We then insert update instructions into the loop body, and set the output as an incoming value for the new Phi node we just inserted. After creating all the phi-nodes for induction variable substitution, we will update all the original values with the newly created PHINodes to complete the optimization.
Experiment Results
We evaluate our pass on the embench-iot benchmark suite, which is a benchmark suite designed to test the performance of deeply embedded systems. The strength reduction pass is performed on each program to evaluate its correctness and efficiency. Experiments are performed on a server with an 2.20GHz Intel Xeon processor and 128GB memory. All programs are single-thread.

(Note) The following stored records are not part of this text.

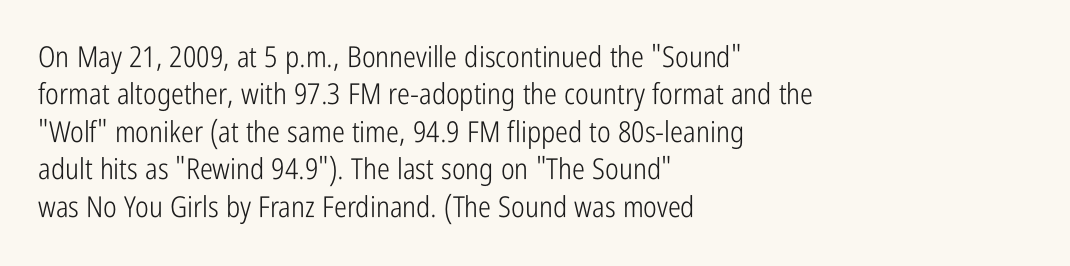
The image shows 29 px light, condensed sans-serif type, upright; set left-aligned, normal line spacing (1.29x), normal letter spacing, not underlined; low stroke contrast and a medium x-height.
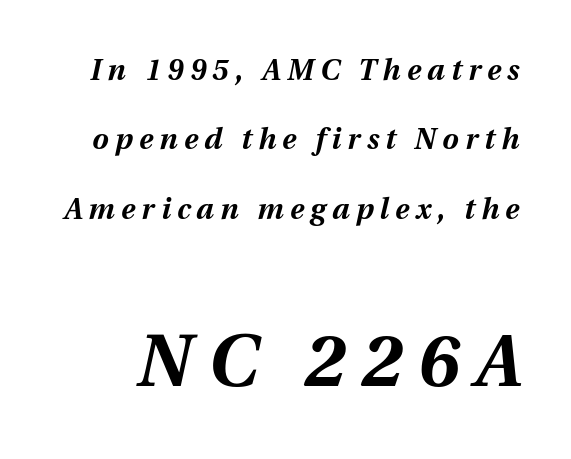
{"italic": "yes", "lean": "right", "slant_degrees": 12, "bold": "yes", "weight": "bold", "width": "normal", "stroke_contrast": "medium", "x_height": "medium", "monospaced": "no", "underline": "no", "line_spacing": "loose", "line_spacing_ratio": 2.39, "letter_spacing": "wide", "letter_spacing_em": 0.22, "larger_block": "second", "size_ratio": 2.52, "glyph_px": 73}
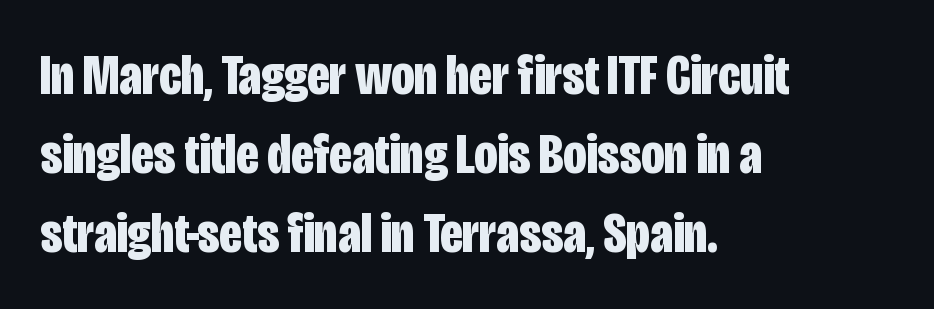
{"serif": "no", "italic": "no", "bold": "yes", "weight": "bold", "width": "condensed", "stroke_contrast": "low", "x_height": "large", "monospaced": "no", "underline": "no", "align": "left", "line_spacing": "normal", "line_spacing_ratio": 1.39, "letter_spacing": "normal", "letter_spacing_em": 0.0, "glyph_px": 57}
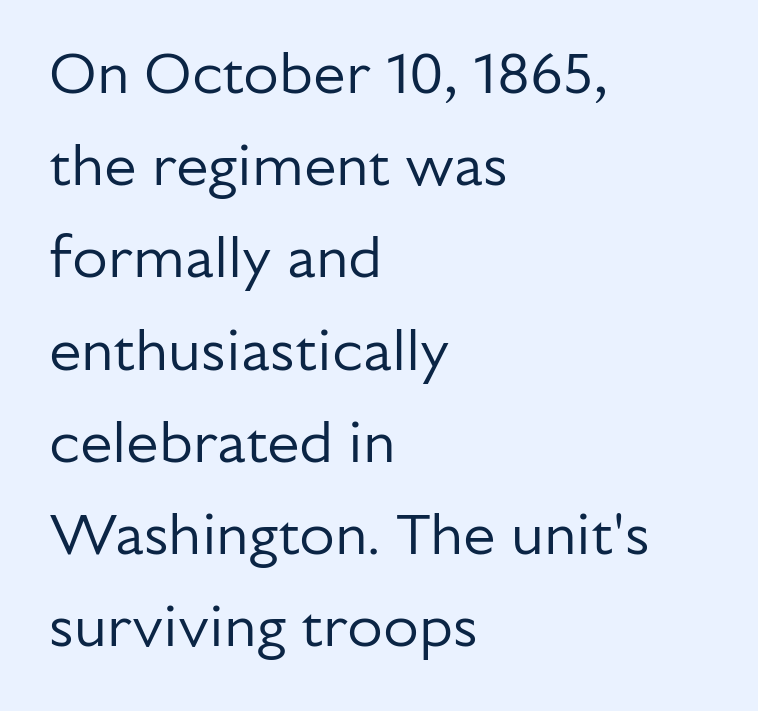
Does the copy run flush right? No — it runs flush left. The letters stand straight up with perfectly vertical stems. Do the characters align in a grid? No, the font is proportional. Bold? No — there's no thickening of the strokes. The face used here is a sans, in the tradition of grotesques and geometrics. No extra tracking has been applied to these lines.
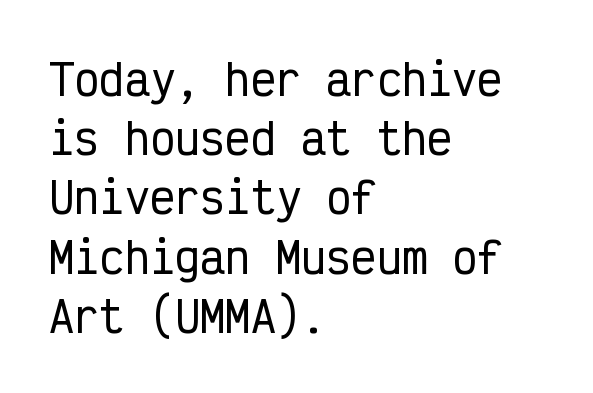
Plain, unruled lines of type. Quick note: interline space is typical. Posture: straight, roman, zero tilt. How are the letters spaced? Ordinarily, with no added tracking.

To run the optimized program, we first use clang to emit LLVM IR of the original program with all optimization passes disabled. Then the IR is passed into LLVM opt, optimized with our pass and compiled into bitcode and objects. Finally we compile the object files into binary and run on physical machines. For each benchmark, there is one macro CPU_MHZ
to control the number of times the top-level benchmark function executes. We set this number to 1000 to ensure that each benchmark is executed for a sufficient number of times.

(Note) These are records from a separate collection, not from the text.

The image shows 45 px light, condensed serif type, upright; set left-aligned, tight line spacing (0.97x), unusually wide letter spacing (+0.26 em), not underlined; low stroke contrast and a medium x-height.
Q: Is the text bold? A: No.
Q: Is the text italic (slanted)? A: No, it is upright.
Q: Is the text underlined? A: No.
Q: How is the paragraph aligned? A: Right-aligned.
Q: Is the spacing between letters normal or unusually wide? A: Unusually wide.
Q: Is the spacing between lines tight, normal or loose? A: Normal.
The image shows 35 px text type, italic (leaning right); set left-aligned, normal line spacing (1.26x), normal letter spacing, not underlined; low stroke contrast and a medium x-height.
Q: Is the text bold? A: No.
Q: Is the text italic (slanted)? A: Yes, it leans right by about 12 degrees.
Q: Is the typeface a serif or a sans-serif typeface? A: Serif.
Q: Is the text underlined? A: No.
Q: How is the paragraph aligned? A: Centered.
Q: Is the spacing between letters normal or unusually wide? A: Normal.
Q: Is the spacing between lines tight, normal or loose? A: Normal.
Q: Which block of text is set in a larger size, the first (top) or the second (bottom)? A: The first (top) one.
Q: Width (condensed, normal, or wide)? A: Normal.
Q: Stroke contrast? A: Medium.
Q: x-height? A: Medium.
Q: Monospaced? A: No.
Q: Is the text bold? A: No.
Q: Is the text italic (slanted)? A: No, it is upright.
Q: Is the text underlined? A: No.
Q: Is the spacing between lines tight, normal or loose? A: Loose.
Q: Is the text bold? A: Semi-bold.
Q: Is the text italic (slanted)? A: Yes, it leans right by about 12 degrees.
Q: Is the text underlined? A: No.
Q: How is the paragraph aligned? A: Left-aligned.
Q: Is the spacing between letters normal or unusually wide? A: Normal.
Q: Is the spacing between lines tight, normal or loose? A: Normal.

# generate LLVM IR for original program
clang -c -emit-llvm -O0 -Xclang -disable-O0-optnone benchmark.c $EMBENCH_DIR/support/*.c -I/path/to/benchmark \
-I$EMBENCH_DIR/support -DCPU_MHZ=1000
for f in *.bc
do
llvm-dis ${f}
done
for f in *.ll
do
# optimze with llvm opt
opt -S -load build/skeleton/libSkeletonPass.so -mem2reg -sr -dce ${f} -o opt_${f}
opt -S -load build/skeleton/libSkeletonPass.so -mem2reg -sr -dce ${f} -o opt_${f}.bc
llc -filetype=obj opt_${f}.bc;
done
gcc *.o -lm;
time ./a.out
The LLVM pass is first compiled into a shared library, which is loaded into LLVM opt as a compiler pass (with the -sr
argument, which is the custom name of our pass). The experiment results are shown in the following table. To make a fair comparison, we also commented out all the content except the preprocessing and postprocessing part in the code of our strength reduction pass, compile it into a "dummy pass", and use the same commands to compile the benchmarks. The results of executing this version of the benchmarks is recorded as our baseline in the "Original" column of the table.

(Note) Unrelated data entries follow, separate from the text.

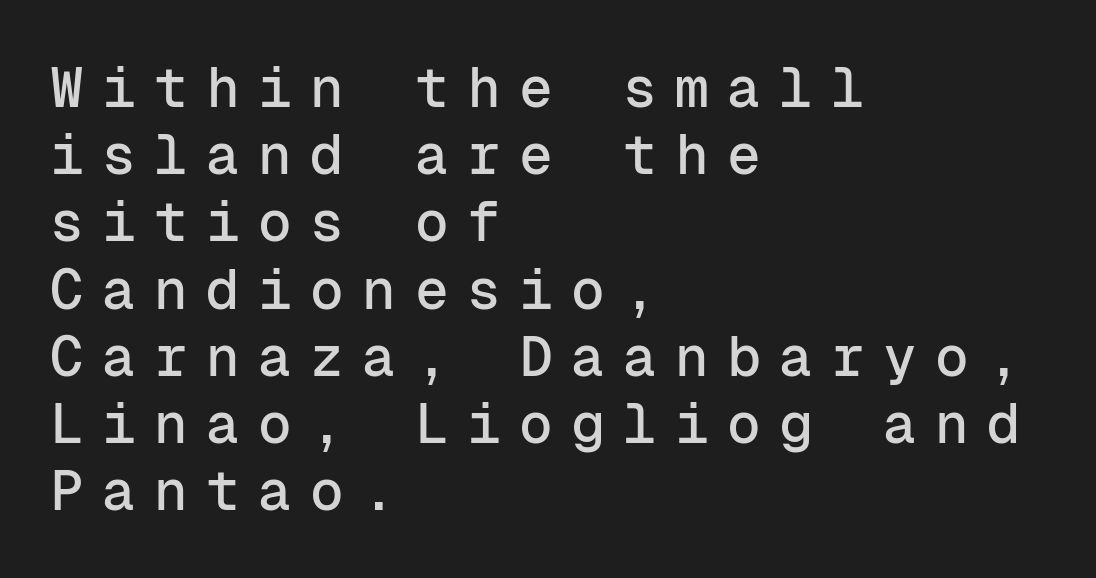
The image shows 56 px sans-serif type, upright, monospaced; set left-aligned, line spacing 1.2x, unusually wide letter spacing (+0.33 em), not underlined; low stroke contrast and a medium x-height.
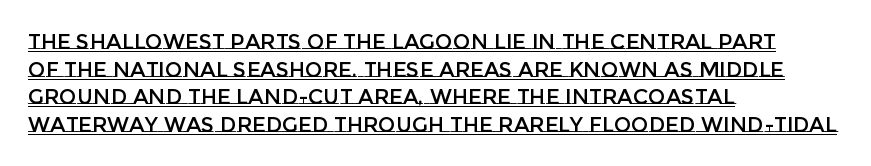
Descenders here cross a horizontal rule under the line. Is there any slant? The stems are plumb. The space between consecutive lines is moderate. Alignment: flush left. A typesetter would call this zero additional tracking.
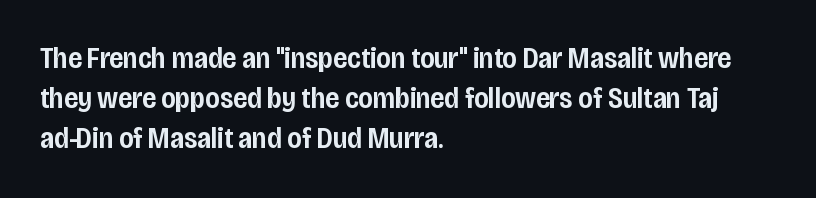
{"serif": "no", "italic": "no", "bold": "semi", "weight": "semibold", "width": "condensed", "stroke_contrast": "low", "x_height": "large", "monospaced": "no", "underline": "no", "align": "left", "line_spacing": "normal", "line_spacing_ratio": 1.34, "letter_spacing": "normal", "letter_spacing_em": 0.0, "glyph_px": 30}
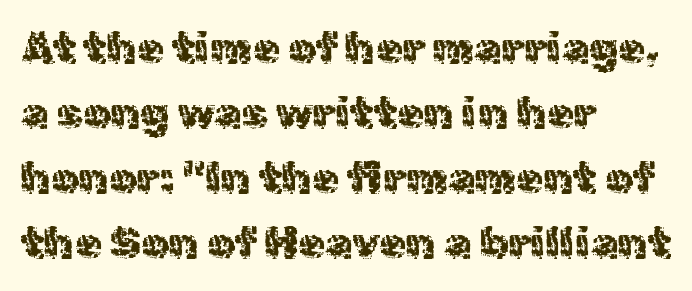
Q: Is the text bold? A: No.
Q: Is the text italic (slanted)? A: No, it is upright.
Q: Is the typeface a serif or a sans-serif typeface? A: Sans-serif.
Q: Is the text underlined? A: No.
Q: How is the paragraph aligned? A: Left-aligned.
Q: Is the spacing between letters normal or unusually wide? A: Normal.
Q: Is the spacing between lines tight, normal or loose? A: Normal.
Q: Width (condensed, normal, or wide)? A: Normal.
Q: x-height? A: Medium.
Q: Monospaced? A: No.
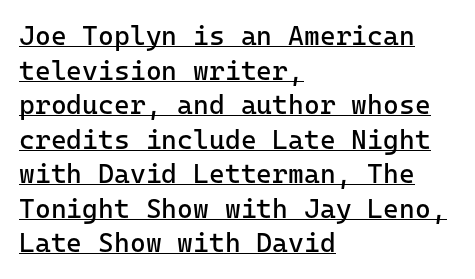
The image shows 27 px text type, upright; set left-aligned, normal line spacing (1.28x), normal letter spacing, underlined.
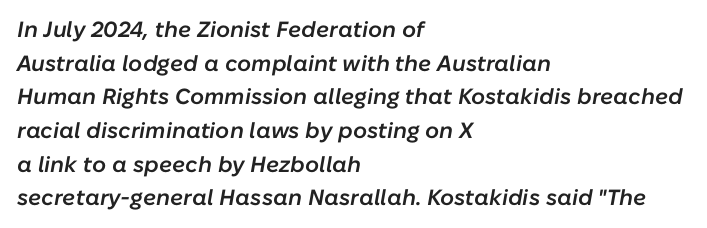
Q: Is the text bold? A: Semi-bold.
Q: Is the text italic (slanted)? A: Yes, it leans right by about 10 degrees.
Q: Is the text underlined? A: No.
Q: How is the paragraph aligned? A: Left-aligned.
Q: Is the spacing between letters normal or unusually wide? A: Normal.
Q: Is the spacing between lines tight, normal or loose? A: Normal.
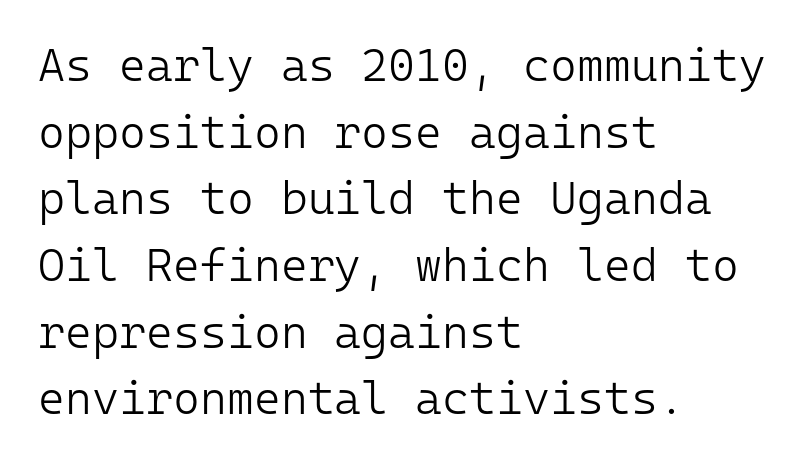
{"serif": "no", "italic": "no", "bold": "no", "weight": "light", "width": "normal", "stroke_contrast": "low", "x_height": "medium", "monospaced": "yes", "underline": "no", "align": "left", "line_spacing": "normal", "line_spacing_ratio": 1.45, "letter_spacing": "normal", "letter_spacing_em": 0.0, "glyph_px": 46}
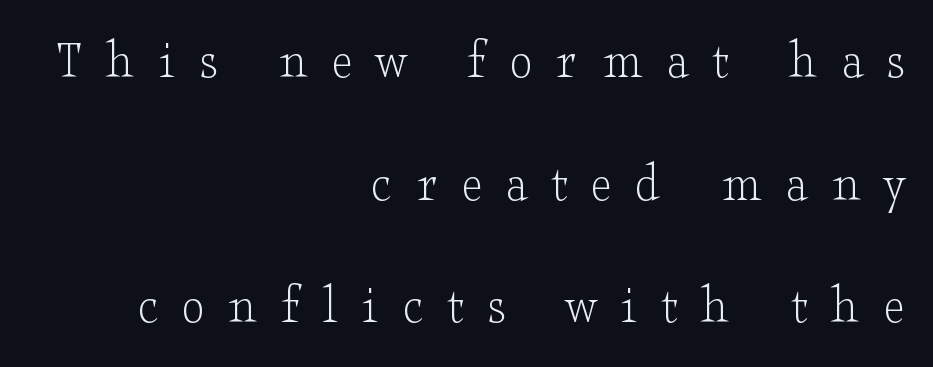
Unmarked baselines from the first word to the last. Small tapered or slab feet sit at the stroke ends, so this counts as serif. Where is the straight margin? On the right. Rows of type keep a wide berth in the vertical direction. Is the stroke heavy? The answer is a plain regular-or-lighter.

Benchmark | Original (s) | Optimized (s) | Speedup |
---|---|---|---|
aha-mont64 | 0.261 | 0.244 | 1.070 |
crc32 | 0.598 | 0.598 | 1 |
cubic | 0.018 | 0.018 | 1 |
edn | 0.439 | 0.389 | 1.129 |
huffbench | 0.564 | 0.027 | 20.889 |
matmult-int | 0.628 | 0.579 | 1.085 |
minver | 0.067 | 0.078 | 0.859 |
nbody | 0.01 | 0.015 | 0.667 |
nettle-aes | 0.316 | wrong | N/A |
nettle-sha256 | 0.348 | 0.364 | 0.956 |
nsichneu | 0.312 | 0.314 | 0.994 |
picojpeg | 0.545 | stuck | N/A |
qrduino | 1.183 | 1.136 | 1.041 |
sglib-combined | 0.612 | wrong | N/A |
slre | 0.729 | wrong | N/A |
st | 0.064 | 0.049 | 1.306 |
statemate | 0.372 | 0.401 | 0.928 |
ud | 0.55 | 0.538 | 1.022 |
wikisort | 0.215 | 0.276 | 0.779 |
Geomean | 1.211 |
Except for a few programs, the average speedup is 1.211x over the original baseline program. Unfortunately, our pass does not optimize all programs correctly: nettle-aes
, sglib-combined
, and slre
do not produce correct results after our optimization, while picojpeg
does not terminate after applying our pass. We have not figured out the reason of these errors yet. Possible reasons are:
- We failed to distinguish all the non-induction variables collected at the beginning of the pass in our analysis and optimization process, causing the program to behave incorrectly;
- When inserting the update instructions, we probably inserted at incorrect positions or inserted multiple times. This may also explain the 20x speedup for huffbench program (i.e., the loop exits before finishing all the work, but the verification function still returns the correct result).